Work to complete :: Nothing should appear in the answer except the lines below from the line containing "Image is sharp throughout the field." through the line containing "Diabetic retinopathy (DR)", copied exactly, with pictures left out.

Dataset content ::
==================================================

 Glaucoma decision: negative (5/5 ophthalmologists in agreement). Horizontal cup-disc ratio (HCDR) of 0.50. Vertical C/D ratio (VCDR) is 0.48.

==================================================

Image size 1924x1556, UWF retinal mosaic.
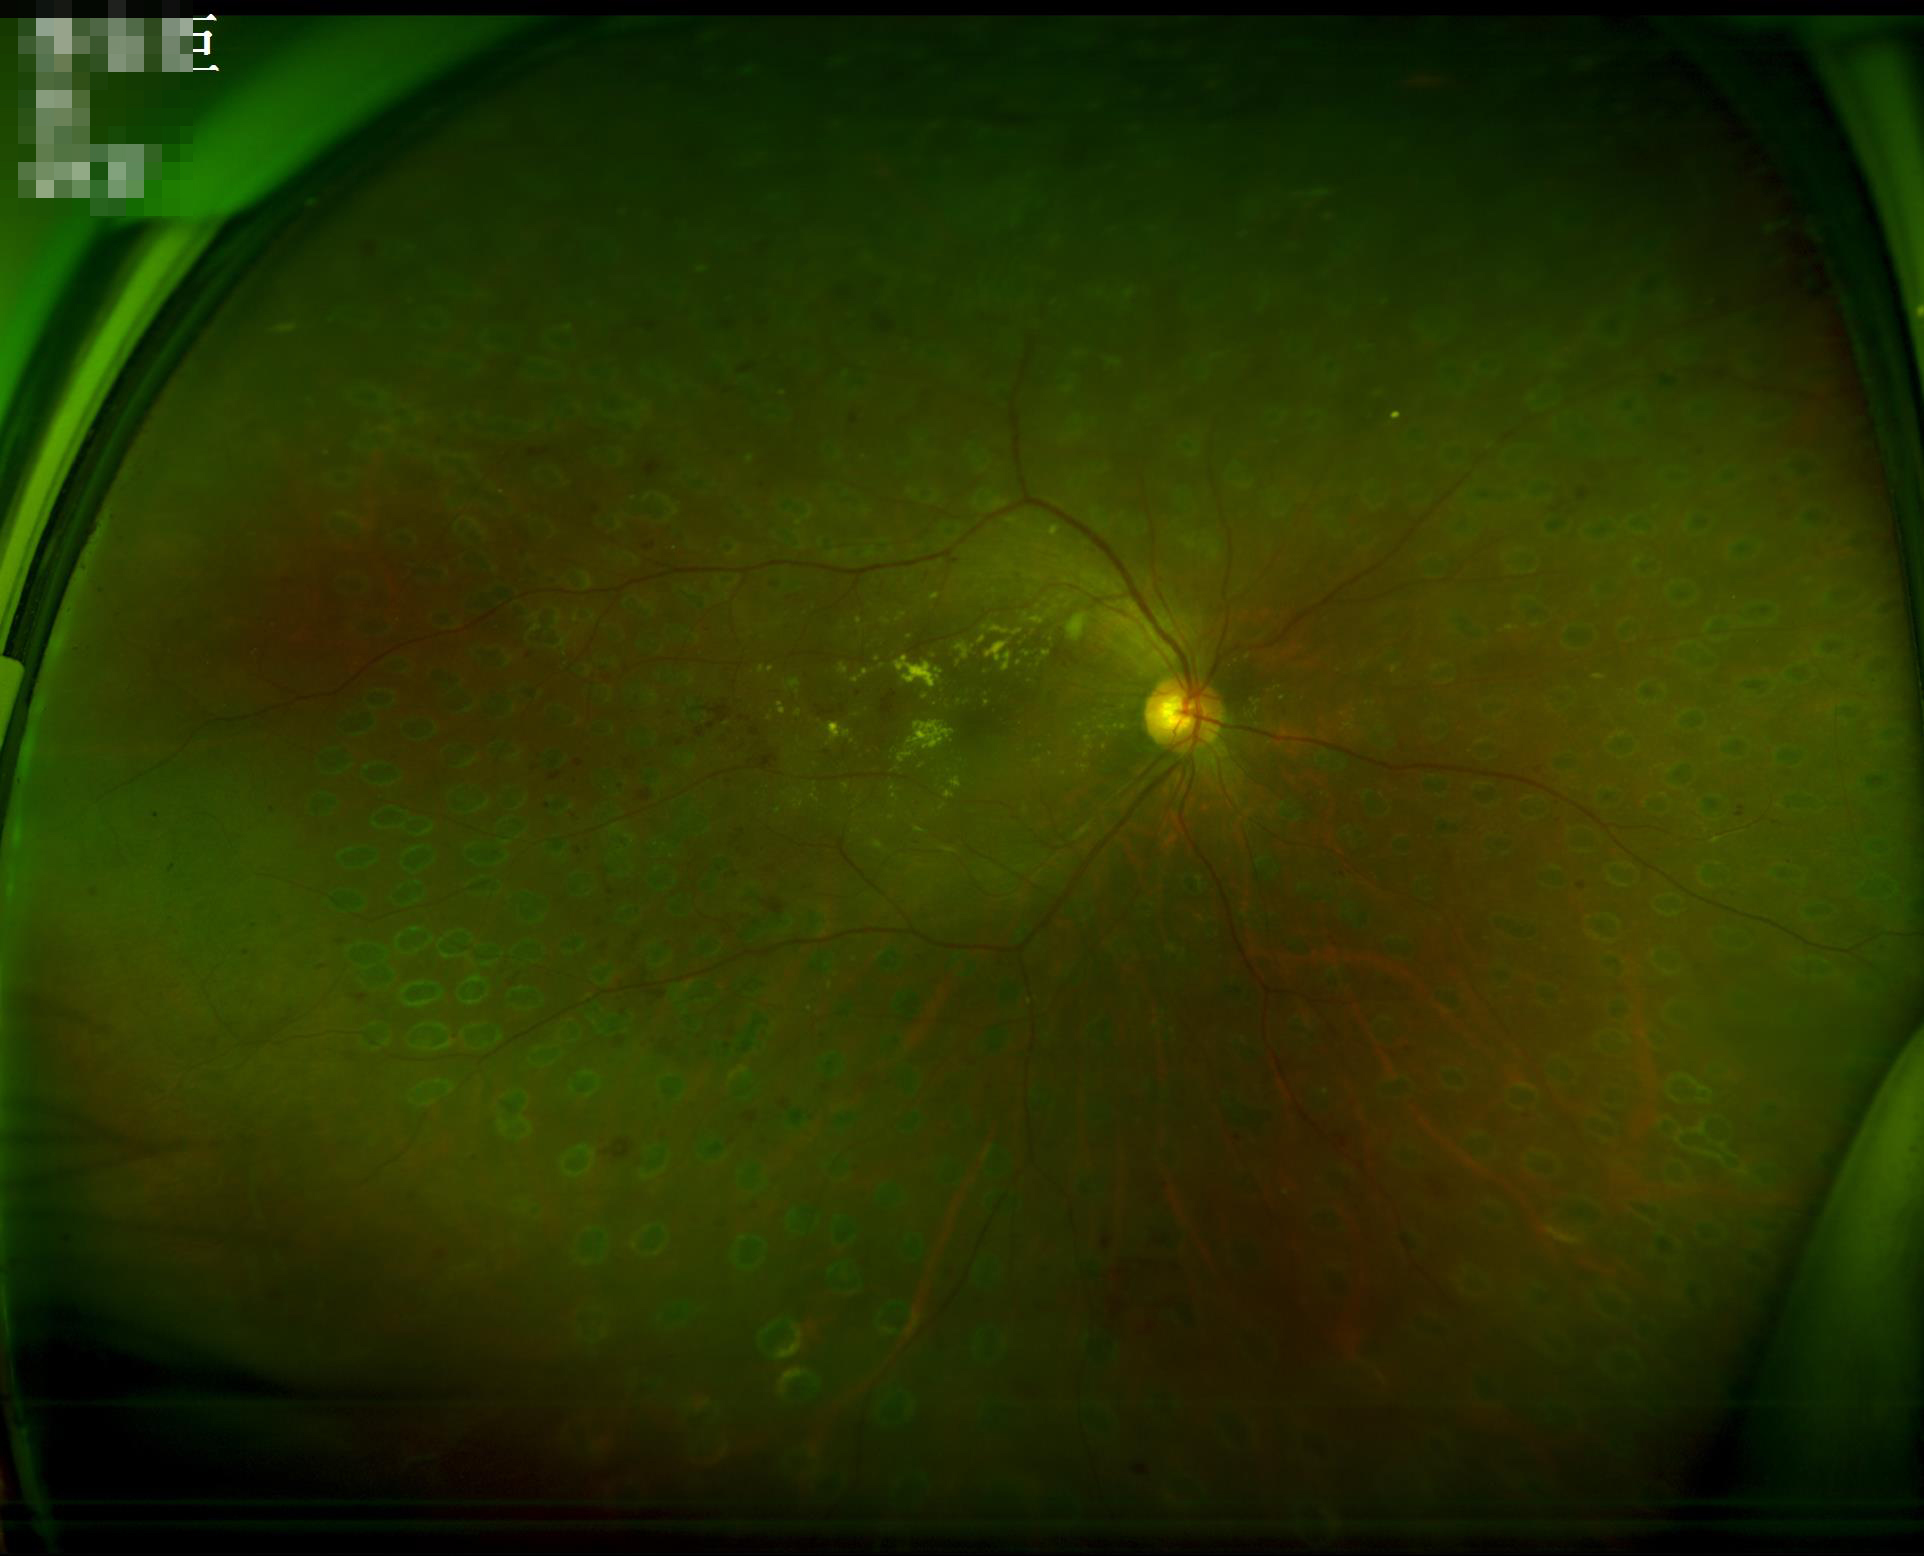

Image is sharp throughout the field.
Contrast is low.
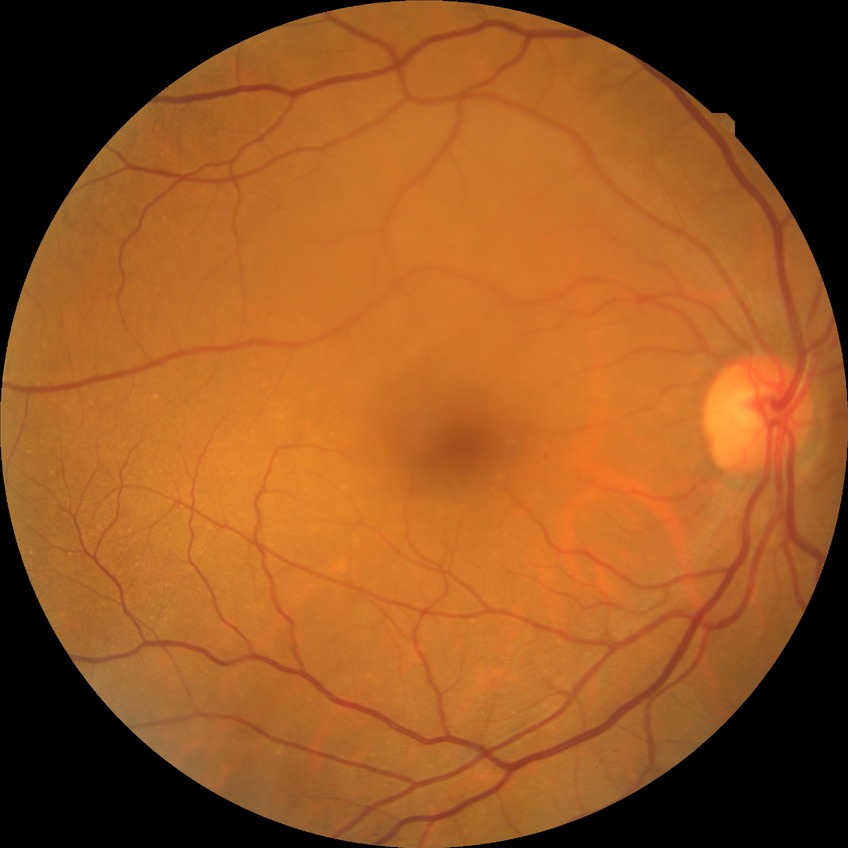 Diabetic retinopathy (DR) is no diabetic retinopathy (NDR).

==================================================

Solution ::
Image is sharp throughout the field.
Contrast is low.
 Diabetic retinopathy (DR) is no diabetic retinopathy (NDR).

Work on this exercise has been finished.